What's a cow's favorite moosical note? Beef-flat!
That tornado damage your cow barn any? Dunno. Haven't found the durn thing yet.
What two members of the cow family go everywhere with you? Your calves.
What do you get if you cross a steer and a chicken? Roost beef.
What game do little cows like to play? Moonopoly.
A Shark alarm at Sydneys Bondi Beach sent everyone rushing from the water except for three young boys who didn't hear the siren. Onlookers were horrified to see a dorsel fin moving fast towards them. Suddenly, a tall bloke took a deep breath, dived into the surf, swam past the shark, and scooped up two of the boys, swiftly bringing them to the shore and safety. He then took another deep breath and swam out again, snatching the third boy before rapidly approaching, before the monster could attack. Then got him back to the beach in one piece. The heroic bloke then put a knife between his clenched teeth, swam out to the shark, and killed it in a furious battle. As he staggered out from the surf, bleeding and battered, a journalist raced up to him and said, That was the most heroic thing I've ever witnessed mate. This will appear on the front page of tomorrows newspaper: Aussie hero saves three boys from killer shark! Thanks. Smiles the fella, but I'm not an Aussie. I'm a British backpacker. No worries, said the journalist with a frown, it'll still be front-page news. The next day, the newspapers headline screamed, Pommy bastard kills boy's pet fish!
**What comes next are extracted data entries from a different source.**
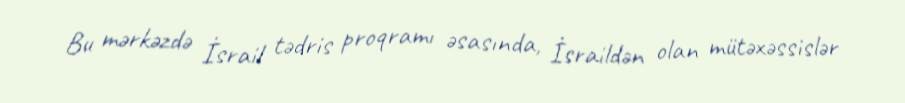
Bu mərkəzdə İsrail tədris proqramı əsasında, İsraildən olan mütəxəssislər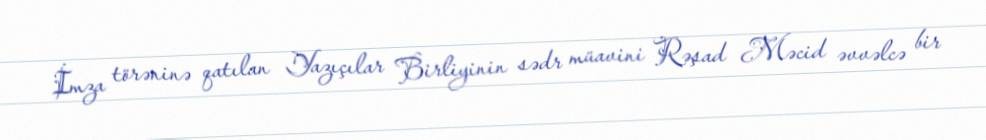
İmza törəninə qatılan Yazıçılar Birliyinin sədr müavini Rəşad Məcid əvvəlcə bir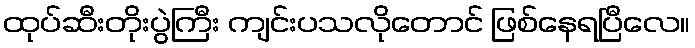
ထုပ်ဆီးတိုးပွဲကြီး ကျင်းပသလိုတောင် ဖြစ်နေရပြီလေ။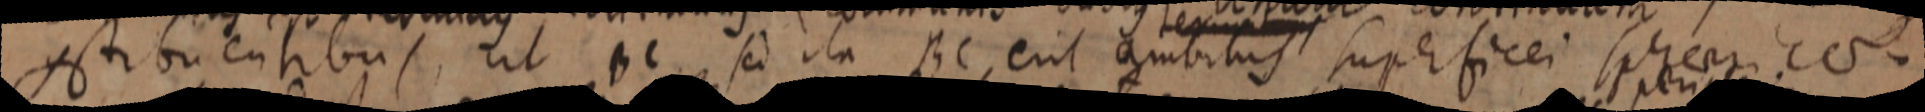
constituentibus, ut BC sed ita BC erit ambitus superficei sphaericae.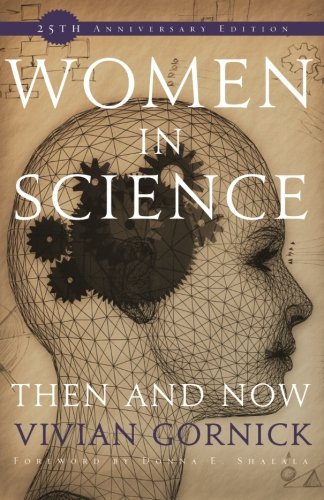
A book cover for Women in Science: Then and Now; Vivian Gornick; Science & Math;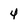
Character: 4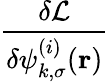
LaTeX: \frac{\delta\mathcal{L}}{\delta\psi_{k,\sigma}^{(i)}(\boldsymbol{\textbf{r}})}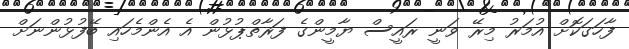
ފާހަގަކޮށް އުމަރު މިރޭ ވަނީ ރައީސް ޔާމީންގެ ފަރާތްޕުޅުން އެ އެންމެހައި ބޭފުޅުންނަށް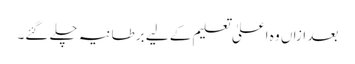
بعد ازاں وہ اعلیٰ تعلیم کے لیے برطانیہ چلے گئے۔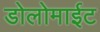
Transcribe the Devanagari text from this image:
डोलोमाईट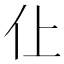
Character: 仩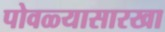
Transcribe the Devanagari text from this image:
पोवळ्यासारखा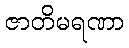
ဇာတိမရဏာ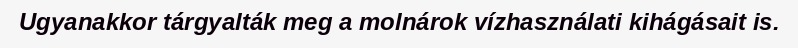
Ugyanakkor tárgyalták meg a molnárok vízhasználati kihágásait is.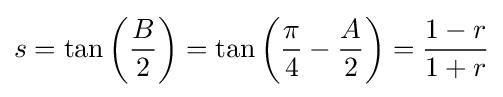
s=\tan \left({\frac {B}{2}}\right)=\tan \left({\frac {\pi }{4}}-{\frac {A}{2}}\right)={\frac {1-r}{1+r}}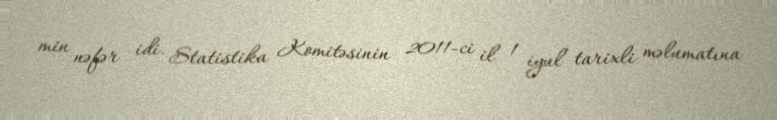
min nəfər idi. Statistika Komitəsinin 2011-ci il 1 iyul tarixli məlumatına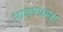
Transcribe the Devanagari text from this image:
भाजपाध्यक्ष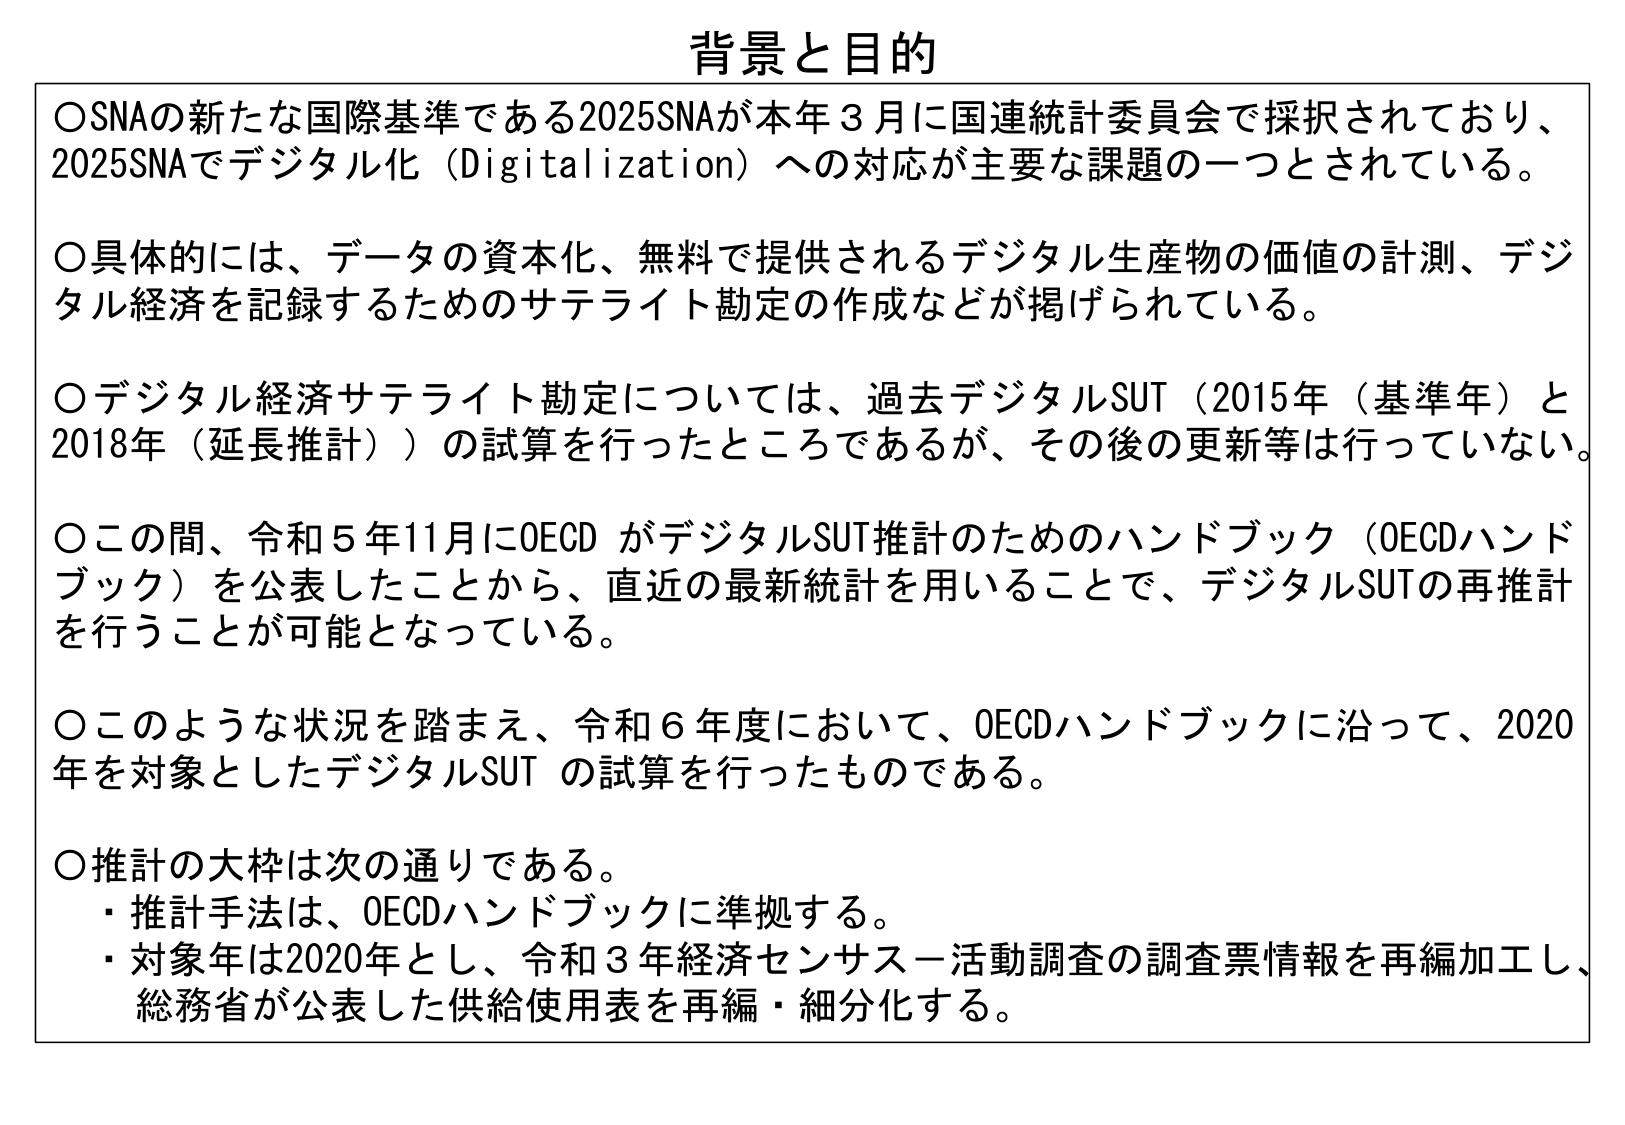
背景と目的

〇SNAの新たな国際基準である2025SNAが本年3月に国連統計委員会で採択されており、2025SNAでデジタル化（Digitalization）への対応が主要な課題の一つとされている。

〇具体的には、データの資本化、無料で提供されるデジタル生産物の価値の計測、デジタル経済を記録するためのサテライト勘定の作成などが掲げられている。

〇デジタル経済サテライト勘定については、過去デジタルSUT（2015年（基準年）と2018年（延長推計））の試算を行ったところであるが、その後の更新等は行っていない。

〇この間、令和5年11月にOECDがデジタルSUT推計のためのハンドブック（OECDハンドブック）を公表したことから、直近の最新統計を用いることで、デジタルSUTの再推計を行うことが可能となっている。

〇このような状況を踏まえ、令和6年度において、OECDハンドブックに沿って、2020年を対象としたデジタルSUTの試算を行ったものである。

〇推計の大枠は次の通りである。
・推計手法は、OECDハンドブックに準拠する。
・対象年は2020年とし、令和3年経済センサスー活動調査の調査票情報を再編加工し、総務省が公表した供給使用表を再編・細分化する。
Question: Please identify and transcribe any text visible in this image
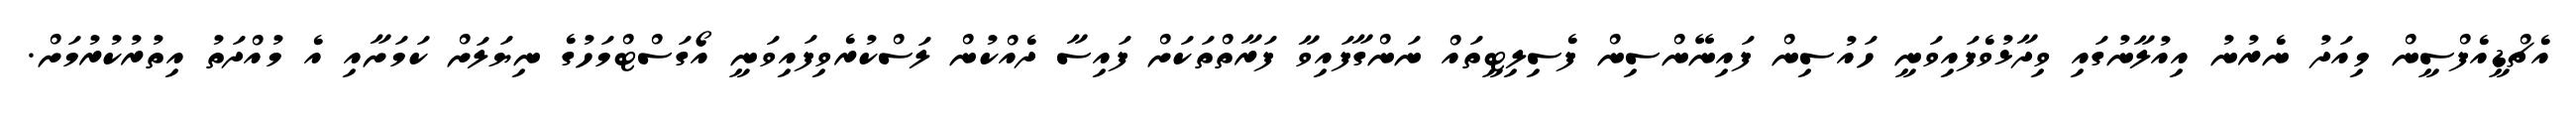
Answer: އެޗްޑީއެފްސީން މިއަދު ނެރުނު އިއުލާނުގައި ވިދާޅުވެފައިވަނީ ހައުސިން ފައިނޭންސިން ފެސިލިޓީތައް ނަންގާފައިވާ ފަރާތްތަކަށް ފައިސާ ދެއްކުން ލަސްކުރެވިފައިވަނީ އޯގަސްޓްމަހުގެ ނިޔަލަށް ކަމަށާއި އެ މުއްދަތު އިތުރުކުރުމަށް.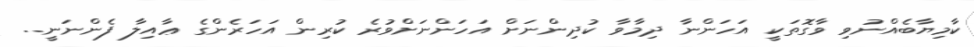
ކާމިޔާބެއްނުވި ވާގޮތަކީ އަހަންނާ ދިމާވާ ކުދިންނަށް އަހަންނަށްވުރެ ކުރިން އަހަރެންގެ ޢާއިލާ ފެންނަނީ..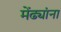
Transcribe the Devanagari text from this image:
मेंढ्यांना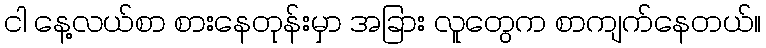
ငါ နေ့လယ်စာ စားနေတုန်းမှာ အခြား လူတွေက စာကျက်နေတယ်။

Why was the little bear so spoiled? Because its mother panda d to its every whim.
If they made a movie starring the Loch Ness monster and the great white shark from Jaws, what would the movie be called? Loch Jaws.
What is the difference between an pilot and a pig? The pig doesn't turn into a pilot when it's drunk.
Q: Why didn't go Noah fishing? A: He only had two worms.